Metallic elements and plant sulfur

Overall, the addition of the HS did not significantly increase Cu, Fe, Mn, or Zn concentrations in the aboveground parts or roots of A. atacamensis compared to the MT treatment (Table 4). However, the slight increase in root Cu concentrations in the MT + HS treatment suggests that the alkalinity of both the HS and the tailings material and the predominance of aromatic and alkyl fractions in the HS, as indicated by 13C NMR results, reduced the mobility of metal complexes and facilitated their adsorption on A. atacamensis root tissues. A similar trend for Cu was reported by Tapia et al. (2020), who evaluated Atriplex nummularia Lindl. (A. nummularia) in the same tailings, reporting root concentrations of 155 ± 4.40 mg kg−1 without amendments and 179 ± 21.1 mg kg−1 with 5% w/w commercial humic substance. Our results for root Cu concentrations were higher compared to other studies in mine tailings using species of the genus Atriplex.
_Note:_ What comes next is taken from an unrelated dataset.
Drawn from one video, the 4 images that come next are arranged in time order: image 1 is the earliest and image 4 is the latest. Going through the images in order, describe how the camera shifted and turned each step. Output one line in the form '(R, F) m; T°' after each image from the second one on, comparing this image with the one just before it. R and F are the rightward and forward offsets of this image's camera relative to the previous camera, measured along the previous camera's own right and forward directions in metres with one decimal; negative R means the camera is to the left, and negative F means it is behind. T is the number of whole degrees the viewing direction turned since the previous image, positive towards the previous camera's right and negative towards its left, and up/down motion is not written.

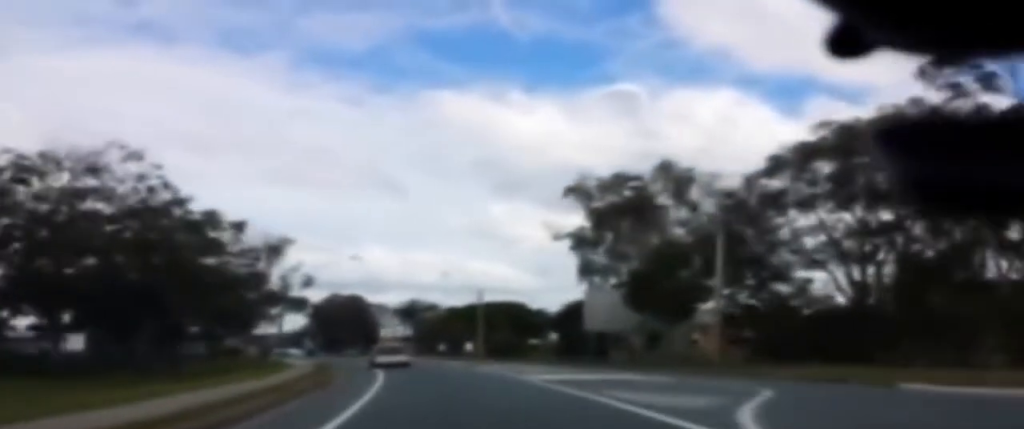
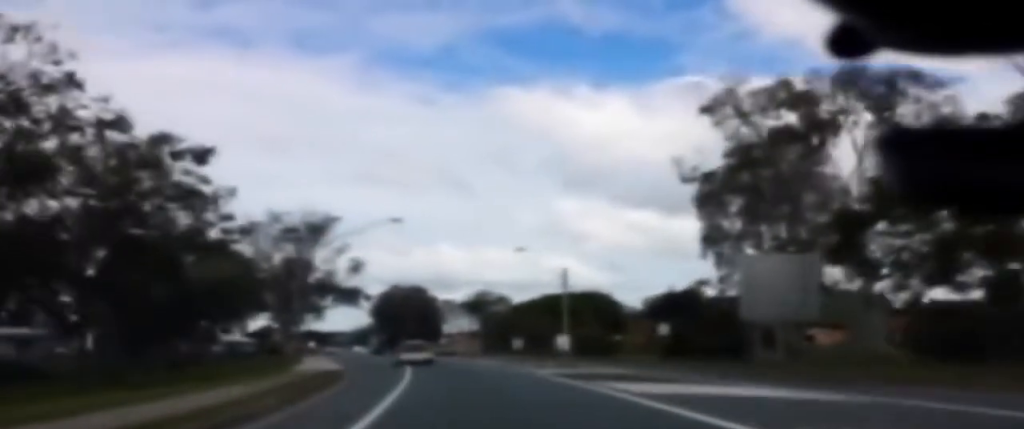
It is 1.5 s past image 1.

Thus, in Atriplex halimus L. (A. halimus) grown in mine tailings (total Cu: 1,080 to 2,201 mg kg−1), Midhat et al. (2019) reported maximum root Cu values of 51.5 ± 0.72 mg kg−1, and Tapia et al. (2019) in tailings with humic substances (at a dose of 120 kg ha−1) reported maximum Cu concentrations of 185 ± 37.8 mg kg−1. Furthermore, Acosta et al. (2018) found root Cu concentrations of less than 20 mg kg−1 in A. halimus grown in unamended tailings (pH: 7.4 ± 0.2; DTPA-Cu: 2.3 ± 0.3 mg kg−1). Meanwhile, these results may have one drawback, which has to do with the high solubility of HS, making it vulnerable to leaching losses, especially if only one low dose is applied. An alternative that could improve HS efficiency would be to use higher doses with piecemeal application over time; however, the high cost (12 USD kg−1) of commercial humic substances makes them unsuitable for continuous use, given those areas covered by phytoremediation are usually extensive.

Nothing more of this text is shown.